This helper function will make it easier to use prompts and look at the generated outputs:

In [None]:
def get_completion(prompt, model="gpt-3.5-turbo", temperature=0):
    messages = [{"role": "user", "content": prompt}]
    response = openai.ChatCompletion.create(
        model=model,
        messages=messages,
        temperature=temperature, # this is the degree of randomness of the model's output
    )
    return response.choices[0].message["content"]

In [None]:
# add error, retry
def get_completion(prompt, model="gpt-3.5-turbo", temperature=0, verbose=False):
    messages = [{"role": "user", "content": prompt}]
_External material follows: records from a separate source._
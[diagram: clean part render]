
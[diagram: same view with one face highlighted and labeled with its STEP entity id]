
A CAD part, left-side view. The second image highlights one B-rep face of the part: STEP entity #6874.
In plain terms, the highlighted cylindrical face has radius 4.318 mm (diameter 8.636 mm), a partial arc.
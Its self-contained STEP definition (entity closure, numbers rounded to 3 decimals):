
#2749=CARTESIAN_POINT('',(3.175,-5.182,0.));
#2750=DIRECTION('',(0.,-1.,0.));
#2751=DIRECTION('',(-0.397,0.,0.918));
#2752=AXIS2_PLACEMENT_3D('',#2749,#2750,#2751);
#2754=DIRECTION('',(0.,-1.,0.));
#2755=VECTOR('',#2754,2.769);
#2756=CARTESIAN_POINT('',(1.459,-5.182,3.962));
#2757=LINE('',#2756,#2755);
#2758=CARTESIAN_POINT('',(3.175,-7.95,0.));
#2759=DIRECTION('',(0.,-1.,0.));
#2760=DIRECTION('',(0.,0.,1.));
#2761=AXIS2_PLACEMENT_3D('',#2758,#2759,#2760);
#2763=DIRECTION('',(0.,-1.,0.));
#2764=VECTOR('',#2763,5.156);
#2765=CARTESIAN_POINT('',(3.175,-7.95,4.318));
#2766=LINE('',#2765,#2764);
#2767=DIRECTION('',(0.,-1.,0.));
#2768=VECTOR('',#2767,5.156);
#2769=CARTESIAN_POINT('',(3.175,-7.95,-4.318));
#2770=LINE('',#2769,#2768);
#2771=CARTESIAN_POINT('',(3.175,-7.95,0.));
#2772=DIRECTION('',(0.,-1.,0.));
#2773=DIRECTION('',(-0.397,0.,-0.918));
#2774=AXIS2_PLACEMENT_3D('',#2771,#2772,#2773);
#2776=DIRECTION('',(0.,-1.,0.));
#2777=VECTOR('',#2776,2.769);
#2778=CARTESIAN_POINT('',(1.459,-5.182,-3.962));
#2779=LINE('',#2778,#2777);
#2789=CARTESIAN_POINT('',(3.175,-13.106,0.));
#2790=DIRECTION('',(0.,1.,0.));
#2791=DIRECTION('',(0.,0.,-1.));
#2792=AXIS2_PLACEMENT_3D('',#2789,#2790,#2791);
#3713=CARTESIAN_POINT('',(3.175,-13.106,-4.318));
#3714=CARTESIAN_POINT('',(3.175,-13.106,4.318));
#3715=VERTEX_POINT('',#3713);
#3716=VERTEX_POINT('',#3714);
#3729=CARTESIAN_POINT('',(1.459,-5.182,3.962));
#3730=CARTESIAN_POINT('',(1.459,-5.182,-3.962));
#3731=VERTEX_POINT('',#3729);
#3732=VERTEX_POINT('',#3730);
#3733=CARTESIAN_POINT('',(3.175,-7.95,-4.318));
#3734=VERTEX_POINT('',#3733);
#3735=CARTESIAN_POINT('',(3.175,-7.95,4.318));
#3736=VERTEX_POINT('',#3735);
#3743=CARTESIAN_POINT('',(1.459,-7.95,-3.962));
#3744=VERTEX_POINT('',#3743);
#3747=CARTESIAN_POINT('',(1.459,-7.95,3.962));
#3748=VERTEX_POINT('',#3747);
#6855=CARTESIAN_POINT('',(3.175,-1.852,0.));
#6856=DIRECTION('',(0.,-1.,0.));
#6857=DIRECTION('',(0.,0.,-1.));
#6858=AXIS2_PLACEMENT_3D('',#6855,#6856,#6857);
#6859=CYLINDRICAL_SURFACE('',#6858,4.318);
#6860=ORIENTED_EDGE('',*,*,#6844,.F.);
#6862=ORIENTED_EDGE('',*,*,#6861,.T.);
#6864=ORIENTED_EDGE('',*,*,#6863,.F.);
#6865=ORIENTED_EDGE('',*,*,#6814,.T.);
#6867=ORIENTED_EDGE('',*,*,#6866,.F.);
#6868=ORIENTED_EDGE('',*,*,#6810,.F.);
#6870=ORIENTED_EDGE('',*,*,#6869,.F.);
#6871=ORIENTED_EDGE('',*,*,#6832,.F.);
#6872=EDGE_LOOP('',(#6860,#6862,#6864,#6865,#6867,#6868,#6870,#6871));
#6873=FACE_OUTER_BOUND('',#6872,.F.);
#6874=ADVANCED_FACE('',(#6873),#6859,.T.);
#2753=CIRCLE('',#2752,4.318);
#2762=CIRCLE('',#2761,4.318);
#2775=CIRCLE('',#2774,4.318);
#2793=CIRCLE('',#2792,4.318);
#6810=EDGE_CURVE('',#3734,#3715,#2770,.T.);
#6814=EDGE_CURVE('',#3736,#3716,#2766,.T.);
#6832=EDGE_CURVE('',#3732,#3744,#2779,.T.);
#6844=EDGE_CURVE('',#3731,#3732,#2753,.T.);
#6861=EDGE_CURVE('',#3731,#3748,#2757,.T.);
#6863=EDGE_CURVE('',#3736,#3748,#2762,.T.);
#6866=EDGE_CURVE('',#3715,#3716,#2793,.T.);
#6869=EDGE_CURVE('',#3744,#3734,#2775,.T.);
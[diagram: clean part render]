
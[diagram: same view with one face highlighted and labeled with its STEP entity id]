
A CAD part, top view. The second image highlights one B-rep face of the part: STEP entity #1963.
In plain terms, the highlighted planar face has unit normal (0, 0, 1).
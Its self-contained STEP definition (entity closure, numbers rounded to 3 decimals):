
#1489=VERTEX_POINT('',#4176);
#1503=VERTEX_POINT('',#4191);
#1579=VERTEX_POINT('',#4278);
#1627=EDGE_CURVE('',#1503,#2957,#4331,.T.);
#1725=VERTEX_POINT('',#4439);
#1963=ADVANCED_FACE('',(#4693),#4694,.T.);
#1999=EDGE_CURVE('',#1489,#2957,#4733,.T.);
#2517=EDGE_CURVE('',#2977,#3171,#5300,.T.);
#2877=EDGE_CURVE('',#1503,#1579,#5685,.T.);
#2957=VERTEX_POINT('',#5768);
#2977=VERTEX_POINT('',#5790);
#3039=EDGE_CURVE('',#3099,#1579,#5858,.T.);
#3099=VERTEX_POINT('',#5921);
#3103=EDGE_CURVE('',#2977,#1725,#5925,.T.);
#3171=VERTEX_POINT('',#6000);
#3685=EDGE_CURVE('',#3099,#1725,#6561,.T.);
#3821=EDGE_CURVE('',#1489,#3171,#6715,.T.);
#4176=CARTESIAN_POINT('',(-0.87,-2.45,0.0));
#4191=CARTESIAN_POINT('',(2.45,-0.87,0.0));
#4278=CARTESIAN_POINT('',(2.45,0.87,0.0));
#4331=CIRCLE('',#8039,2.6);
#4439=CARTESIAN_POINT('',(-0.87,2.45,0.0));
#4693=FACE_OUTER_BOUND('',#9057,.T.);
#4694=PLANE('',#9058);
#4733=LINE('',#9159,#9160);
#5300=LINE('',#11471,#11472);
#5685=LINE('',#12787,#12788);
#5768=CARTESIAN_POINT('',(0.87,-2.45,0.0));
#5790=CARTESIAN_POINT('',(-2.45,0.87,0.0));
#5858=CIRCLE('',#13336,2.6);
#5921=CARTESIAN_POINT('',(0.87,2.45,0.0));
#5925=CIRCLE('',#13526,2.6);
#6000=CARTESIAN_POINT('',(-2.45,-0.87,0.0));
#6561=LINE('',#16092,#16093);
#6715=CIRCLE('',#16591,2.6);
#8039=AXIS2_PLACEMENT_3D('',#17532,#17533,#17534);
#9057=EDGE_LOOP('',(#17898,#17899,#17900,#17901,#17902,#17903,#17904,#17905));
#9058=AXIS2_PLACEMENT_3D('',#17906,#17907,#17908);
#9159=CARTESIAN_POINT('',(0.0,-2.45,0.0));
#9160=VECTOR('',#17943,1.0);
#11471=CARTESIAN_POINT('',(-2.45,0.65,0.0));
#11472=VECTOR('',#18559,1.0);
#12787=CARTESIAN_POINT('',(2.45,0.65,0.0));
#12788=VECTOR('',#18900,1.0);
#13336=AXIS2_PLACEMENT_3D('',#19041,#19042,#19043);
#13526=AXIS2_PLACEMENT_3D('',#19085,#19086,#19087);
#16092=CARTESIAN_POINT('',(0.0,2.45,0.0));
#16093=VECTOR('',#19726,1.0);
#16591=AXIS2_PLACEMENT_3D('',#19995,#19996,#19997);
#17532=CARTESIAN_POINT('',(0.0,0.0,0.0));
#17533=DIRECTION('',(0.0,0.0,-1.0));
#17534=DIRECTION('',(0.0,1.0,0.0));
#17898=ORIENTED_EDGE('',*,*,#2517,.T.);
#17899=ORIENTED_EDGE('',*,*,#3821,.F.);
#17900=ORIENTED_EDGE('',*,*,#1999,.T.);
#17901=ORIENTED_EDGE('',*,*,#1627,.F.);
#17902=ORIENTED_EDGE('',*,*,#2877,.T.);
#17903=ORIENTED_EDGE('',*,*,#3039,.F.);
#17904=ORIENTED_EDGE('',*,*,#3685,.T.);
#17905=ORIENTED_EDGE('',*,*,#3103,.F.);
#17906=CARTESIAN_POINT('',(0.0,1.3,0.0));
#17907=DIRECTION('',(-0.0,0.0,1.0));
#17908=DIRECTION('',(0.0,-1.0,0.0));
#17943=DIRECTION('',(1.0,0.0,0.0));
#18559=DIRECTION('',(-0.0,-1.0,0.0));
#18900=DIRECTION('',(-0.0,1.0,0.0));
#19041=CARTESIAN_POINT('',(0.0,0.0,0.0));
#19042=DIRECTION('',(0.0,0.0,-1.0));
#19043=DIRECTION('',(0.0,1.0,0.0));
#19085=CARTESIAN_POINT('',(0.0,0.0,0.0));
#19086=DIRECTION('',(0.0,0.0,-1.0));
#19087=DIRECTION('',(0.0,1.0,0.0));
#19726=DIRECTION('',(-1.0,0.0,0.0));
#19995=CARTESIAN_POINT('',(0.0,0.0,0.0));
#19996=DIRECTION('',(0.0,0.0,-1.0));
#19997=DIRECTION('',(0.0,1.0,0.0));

    time_start = time.time()
    retry_count = 3
    for i in range(0, retry_count):
        while True:
            try:
                response = openai.ChatCompletion.create(
                    model=model,
                    messages=messages,
                    temperature=temperature, # this is the degree of randomness of the model's output
                )
                answer = response['choices'][0]['message']['content'].strip()
                tokens = response.usage.total_tokens


                time_end = time.time()

                if verbose:
                    print('prompt: %s | token: %d | %.1fsec\nanwer : %s'%(prompt, tokens, (time_end - time_start), answer))
                return answer

            except Exception as error:
                print(f"API Error: {error}")
                print(f"Retrying {i+1} time(s) in 4 seconds...")

                if i+1 == retry_count:
                    return prompt, None, None
                time.sleep(4)
                continue

In [None]:
prompt = 'Please explain what ChatGPT in 20 words'
answer = get_completion(prompt, model="gpt-3.5-turbo")
print(answer)

ChatGPT is an AI language model developed by OpenAI that can engage in conversational interactions and provide responses to user inputs.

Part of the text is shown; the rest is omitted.